Arrivavano sempre i momenti in cui Clay tirava pugni al muro.
Spesso gli sanguinavano le nocche.
Arrivava sempre il momento in cui se la prendeva con se stesso per qualcosa. Ultimamente il motivo era lei.
Arrivava sempre per Clay il momento dell’arresa.
Alcune volte crollava sul pavimento, altre sul letto, altre ancora sul divano.
Quella mattina, per Clay, era arrivato il momento di rendersi conto di aver perso lei.
Ma si può perdere qualcosa che non si ha mai avuto?

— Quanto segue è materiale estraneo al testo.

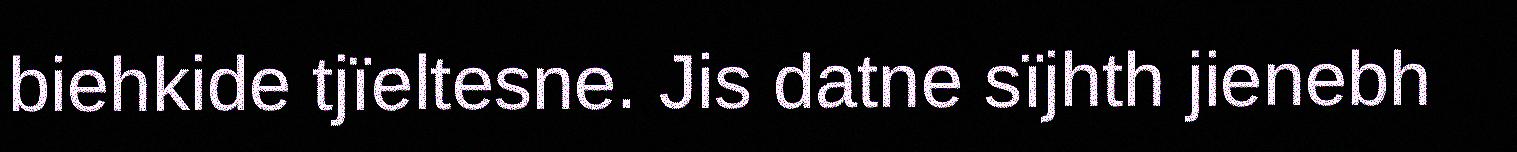
biehkide tjïeltesne. Jis datne sïjhth jienebh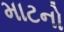
માટનો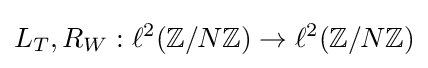
L_{T},R_{W}:\ell ^{2}(\mathbb {Z} /N\mathbb {Z} )\to \ell ^{2}(\mathbb {Z} /N\mathbb {Z} )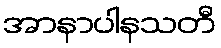
အာနာပါနသတီ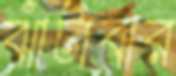
ঝাঁটাবার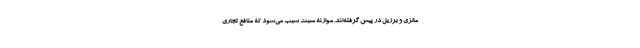
مالزی و برزیل در پیش گرفته‌اند. موازنه مثبت سبب می‌شود که منافع تجاری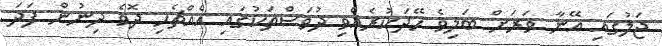
ޖަލުގައި އޭނާ ވަރަށް ބަލިވެ ހޭދަކުރެއްވި ދުވަސްތަކުގައި އެއްޗެހި ދޮވެ ދިނުން ފަދަ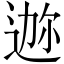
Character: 𫐪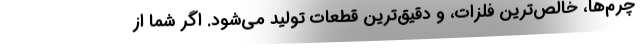
چرم‌ها، خالص‌ترین فلزات، و دقیق‌ترین قطعات تولید می‌شود. اگر شما از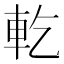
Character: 𨊰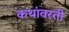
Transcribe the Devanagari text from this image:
कथांवरती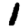
Digit: 1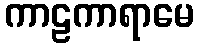
ကာဠကာရာမေ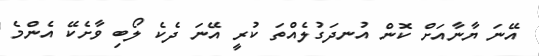
އޭނަ ޔާނާއަށް ކޮން އުނދަގުލެއްތަ ކުރީ އޭނަ ދެކެ ލޯބި ވާށެކޭ އެންމެ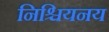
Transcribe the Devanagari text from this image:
निश्चियनय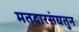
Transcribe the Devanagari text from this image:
मतदारसंघतुन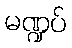
မဏ္ဍပ်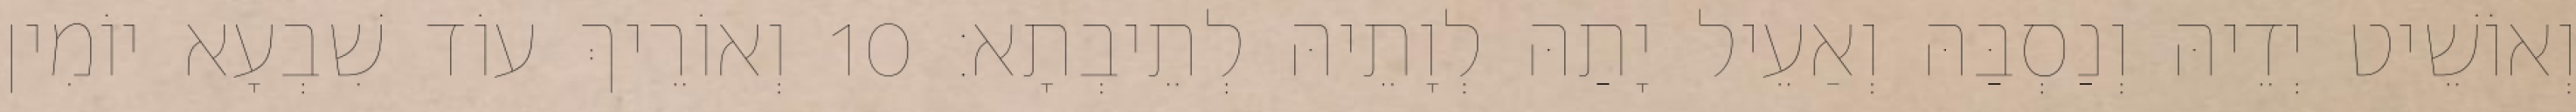
וְאוֹשֵׁיט יְדֵיהּ וְנַסְבַּהּ וְאַעֵיל יָתַהּ לְוָתֵיהּ לְתֵיבְתָא׃ 10 וְאוֹרֵיךְ עוֹד שִׁבְעָא יוֹמִין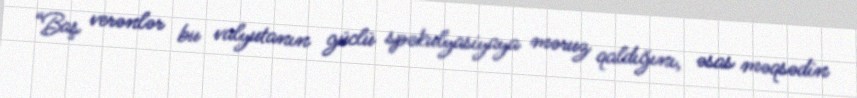
“Baş verənlər bu valyutanın güclü spekulyasiyaya məruz qaldığını, əsas məqsədin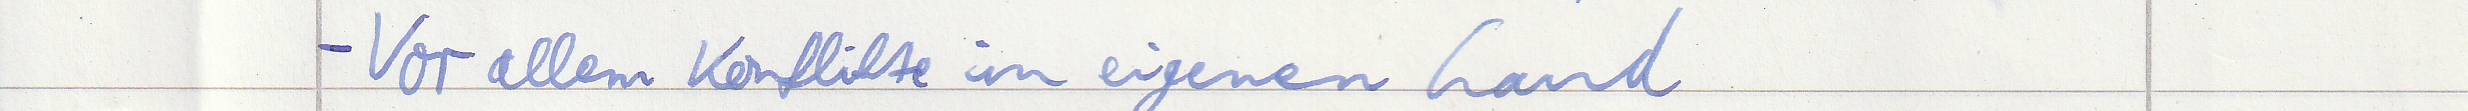
- Vor allem Konflikte im eigenen Land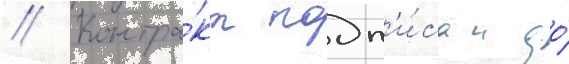
// Контра́кт подп'и́сан до́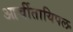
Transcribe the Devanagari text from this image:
आर्चीतायिपल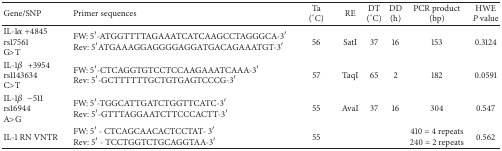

Clay se lo chiedeva spesso e non aveva mai trovato veramente una risposta.
Quella mattina l’aveva vista appoggiata al muro bianco del cortile dell’università, era una sua compagna di corso e spesso capitava che scambiassero delle piacevoli conversazioni.
Era bella.
Almeno per lui.
Ma quella mattina, appoggiata al candido muro, le era sembrata una dea greca.
Improvvisamente era apparso un ragazzo biondo, alto e con il fisico da modello, l’aveva salutata e l’aveva baciata.

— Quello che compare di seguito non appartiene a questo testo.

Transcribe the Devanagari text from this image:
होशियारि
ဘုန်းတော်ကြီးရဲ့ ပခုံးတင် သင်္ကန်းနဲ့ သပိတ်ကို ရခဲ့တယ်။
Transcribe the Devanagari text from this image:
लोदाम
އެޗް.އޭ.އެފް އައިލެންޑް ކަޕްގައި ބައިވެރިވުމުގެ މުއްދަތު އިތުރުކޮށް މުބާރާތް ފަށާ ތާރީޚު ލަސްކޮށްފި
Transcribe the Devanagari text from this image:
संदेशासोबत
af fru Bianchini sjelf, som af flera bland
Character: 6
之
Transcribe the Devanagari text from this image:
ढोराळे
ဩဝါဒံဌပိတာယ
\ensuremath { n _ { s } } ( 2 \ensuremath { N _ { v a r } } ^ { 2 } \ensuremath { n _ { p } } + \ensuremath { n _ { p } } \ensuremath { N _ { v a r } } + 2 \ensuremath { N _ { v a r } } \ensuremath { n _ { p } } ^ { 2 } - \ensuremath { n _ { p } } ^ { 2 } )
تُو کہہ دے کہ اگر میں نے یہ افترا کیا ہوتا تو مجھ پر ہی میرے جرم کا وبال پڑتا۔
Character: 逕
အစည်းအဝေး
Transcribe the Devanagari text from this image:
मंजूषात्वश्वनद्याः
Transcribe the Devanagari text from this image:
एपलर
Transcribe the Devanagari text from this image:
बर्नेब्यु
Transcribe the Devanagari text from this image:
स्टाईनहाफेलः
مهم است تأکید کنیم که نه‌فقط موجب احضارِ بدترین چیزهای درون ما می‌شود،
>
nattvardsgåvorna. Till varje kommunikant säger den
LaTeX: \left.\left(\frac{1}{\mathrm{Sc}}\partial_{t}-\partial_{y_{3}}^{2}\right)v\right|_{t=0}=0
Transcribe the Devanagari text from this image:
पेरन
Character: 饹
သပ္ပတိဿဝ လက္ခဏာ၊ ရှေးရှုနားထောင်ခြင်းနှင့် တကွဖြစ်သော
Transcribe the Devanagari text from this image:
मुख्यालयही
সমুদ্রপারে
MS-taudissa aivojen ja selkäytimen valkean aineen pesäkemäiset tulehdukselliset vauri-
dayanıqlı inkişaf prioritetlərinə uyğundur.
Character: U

Clay era rimasto bloccato vicino al cancello, con lo stomaco che si contorceva e gli occhi annebbiati.
L’aveva persa.
Tutto ciò di cui abbiamo bisogno è essere amati.
Stump.
Un altro pugno al muro che non aveva colpa.
Dolore, rabbia, amarezza.
Clay si chiese come mai nessuna aveva mai scelto lui. Stump.
Un altro pugno ancora.
Quasi per caso incrociò se stesso nello specchio e disse a voce alta: “Perché non mi ha scelto? Perché non io?”
E l’immagine riflessa pareva rispondere: “Perché fai schifo. Ecco perché.”
Clay sorrise al Clay nello specchio. Sputò sulla sua stessa immagine e scivolò nel letto.
Anche per quella volta era arrivato il momento di arrendersi.